Tubusseeing

Jeder Hobbyastronom kennt den lästigen Einfluss des Seeings, der einem in vielfältiger Form beim Beobachten begegnet. Einerseits als atmosphärischen Effekt, den man kaum beeinflussen kann, weil er von der Wettersituation abhängig ist, und als Tubusseeing welcher vom Teleskoptyp und Aufstellungsort beeinflusst wird. Ursache dieser Störung ist die Temperaturdifferenz zwischen Fernrohr und Umgebungsluft. Meist genügt es das Instrument nach dem Aufstellen eine Zeitlang auskühlen zu lassen, damit es sich der Umgebungstemperatur anpassen kann. Doch hier steckt der Teufel im Detail, denn ein exakter Ausgleich der Temperatur ist aus physikalischen Gründen praktisch nicht realisierbar und wird bei manchen Fernrohrtypen konstruktionsbedingt noch zusätzlich erschwert. Dies liegt daran, dass ein Angleichen der Temperatur nur in einem thermodynamisch abgeschlossenen System mit gleichmäßiger Temperatur und Strahlungsfeld möglich ist.

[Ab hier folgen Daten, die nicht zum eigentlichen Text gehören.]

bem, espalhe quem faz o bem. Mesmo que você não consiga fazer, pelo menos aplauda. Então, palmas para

Dies gilt z.B. für ein Instrument, das in einem Raum aufbewahrt wird, es wird nach einiger Zeit die Raumtemperatur annehmen. Im freien Feld unter dem Nachthimmel gelten da andere Bedingungen, weil in dieser Umgebung der Energieaustausch großteils durch Strahlung erfolgt. Der Erdboden gibt in der Regel wesentlich mehr Wärmestrahlung ab als der Nachthimmel. Dies bewirkt, dass das Strahlungsfeld des Bodens den Tubus von unten regelrecht aufheizt, die Oberseite, die dem Himmel zugewandt ist, kühlt sich im Vergleich dazu relativ stark ab.

Im Fernrohrinneren jedoch wird die Wärme hauptsächlich durch Luftströmung transportiert. Ob sich diese Temperaturdifferenz auf die Qualität der Abbildung auswirkt, hängt nun vom Fernrohrtyp ab. Offene Konstruktionen wie Newton und Cassegrainteleskope, die an der vorderen Öffnung weder eine Korrekturplatte noch ein Objektiv besitzen, sind in dieser Hinsicht relativ problemlos. Die freie Öffnung bewirkt einen raschen Abtransport der Wärme aus dem Teleskopinneren.

Ganz im Gegensatz dazu Instrumente wie Refraktoren, Schmidt-Cassegrain und Maksutov Teleskope. Die geschlossene Bauart bewirkt, dass der Wärmeaustausch nur über die Außenhaut der Rohrwand stattfindet. Das unterschiedliche Temperaturniveau im Tubusinneren setzt nun konvektive Luftströmungen in Bewegung, die den optischen Strahlengang durchsetzen und in gravierender Weise stören.

Das ungleichmäßige Abkühlen des Instruments erkennt man z.B. daran, dass sich die dem Nachthimmel zugewandte Seite des Rohres als erstes mit Tau beschlägt, während die Seite die zum Boden zeigt meist trocken bleibt. Die im Verhältnis zum Durchmesser sehr dünne Frontscheibe eines Schmidt-Cassegrain beschlägt sich aus diesem Grund ebenfalls sehr schnell, sofern sie nicht mit einer entsprechend dimensionierten Taukappe ausgestattet ist. Eine Taukappe verhindert, dass sich die Optik stärker abkühlt als die Umgebungsluft. Einen wesentlichen Einfluss kann auch die Farbe der Außenlackierung auf das Seeingverhalten ausüben. Gerade die – zur Zeit – in Mode gekommenen Farben wie Dunkelblau oder Schwarz reagieren sehr empfindlich auf ungleichmäßige Einstrahlung. Die Farbe weiß ist in dieser Hinsicht immer noch die beste Lösung.